Developed in two phases, the first project was a second floor extension over the existing outrigger to create a study for the homeowner’s burgeoning online fashion business.  The second more substantial scheme involved ground floor refurbishment and the construction of a full size 110m² basement which was excavated, built and fitted out via the front garden without disturbing the existing ground floor.  The brief for the basement works was a master en-suite bedroom with large separate dressing room and 35m² of entertainment space.  We were asked to create the master suite akin to a boutique hotel room with air conditioning and integrated AV system throughout.

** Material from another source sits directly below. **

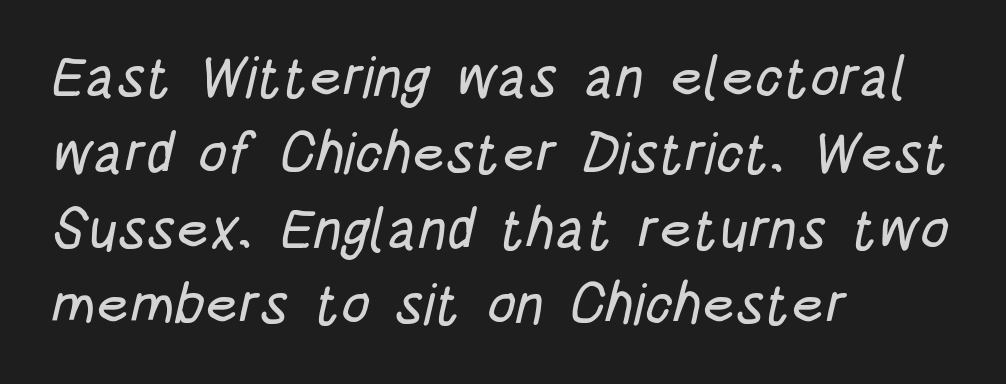
{"serif": "no", "width": "condensed", "stroke_contrast": "low", "x_height": "large", "monospaced": "no", "underline": "no", "align": "left", "line_spacing": "normal", "line_spacing_ratio": 1.33, "letter_spacing": "normal", "letter_spacing_em": 0.0, "glyph_px": 57}
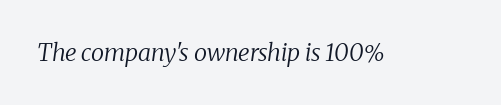
Q: Is the text bold? A: No.
Q: Is the text italic (slanted)? A: Yes, it leans right by about 8 degrees.
Q: Is the text underlined? A: No.
Q: Is the spacing between letters normal or unusually wide? A: Normal.
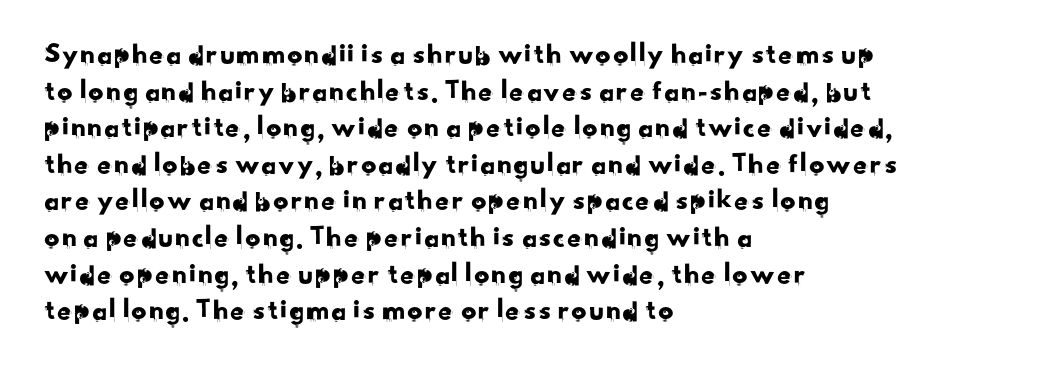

Our design initially focussed on circulation and provided an alternative to the norm of continuing the existing stairwell to basement, which results in long corridors and/or extensive fire protection measures.  Instead we created a stair perpendicular to the existing ground floor corridor, that splits at a landing just above basement level, turning in one direction to the master bedroom suite, and to the other toward the entertainment space.  This landing affords the master suite an element of privacy without having to keep doors closed.  By locating the stair in this position, we were also able to effectively create a basement on two levels which mirrored the ground floor and kept excavation costs to a minimum.  The layout of the master suite focussed on a central wall which acts as the headboard to the bed on one side and the vanity wall to double basins on the other.  There is open circulation around this wall, between bedroom and bathroom, but full height pocket doors can be slid shut for privacy.  The toilet is located within it’s own sandblasted glass cubicle.  The entertainment room has been designed as a large open space able to be used and adapted in a number of ways.  Key to the success of this space is natural light, which was achieved by a combination of an external walk-on skylight to the rear garden, and internal walk-on skylight to the dining room above, which itself sits under a row of single storey roof windows.  The result is an L-shape of natural light which cuts the ceiling from its walls, giving the impression that the ceiling is floating and perception of addition height to this space.